In 2014 Bird created the pro-Democrat organization iVote, whose primary objective is to bring “universal, automatic voter registration” to so-called battleground states. If enacted in multiple states, this policy could potentially bring out millions of new voters—many of whom, as the New York Times has noted, “would be young, poor or minorities—groups that tend to support Democratic candidates.” “I do think it can be a complete game-changer,” said Bird.
In early 2015, OneVoice International (OVI)—a group favoring the creation of a sovereign Palestinian state—hired Bird and a handful of his fellow community organizers from 270 Strategies, to go to Israel and help lead a door-to-door campaign aimed at persuading Israeli citizens to vote the incumbent prime minister, Benjamin Netanyahu, out of office. OVI had received two grants from President Obama’s State Department during the preceding year—a noteworthy fact, in light of Obama’s well-known animus for Netanyahu.[2]

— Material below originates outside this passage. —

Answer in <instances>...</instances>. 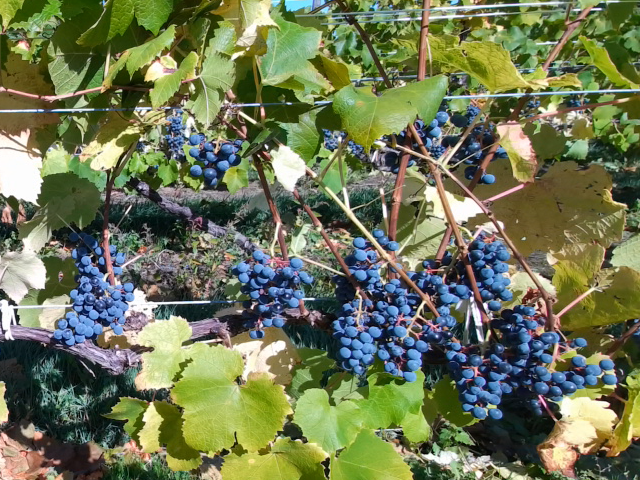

In 2015, Bird and 270 Strategies began laying groundwork to help Hillary Clinton‘s 2016 bid for the White House. “I think Hillary Clinton is the strongest candidate on the Democratic side,” said Bird. “I think she will win … [and] obviously her experience is sort of second to none.”
Since September 2018, Bird has served as president of Do Big Things, an organization that uses state-of-the-art data analysis and digital advertising to influence public opinion and voting patterns.
Further Reading: “Jeremy Bird” (Huffington Post); “The Final Push” (The New Yorker, 10/29 & 11/5, 2012); “First Big Test for Obama Field Director” (Wall Street Journal, 10-1-2012); “Three Steps: How the Dems Plan to Make Texas a Battleground State by 2016” (Daily Caller, 2-27-2013).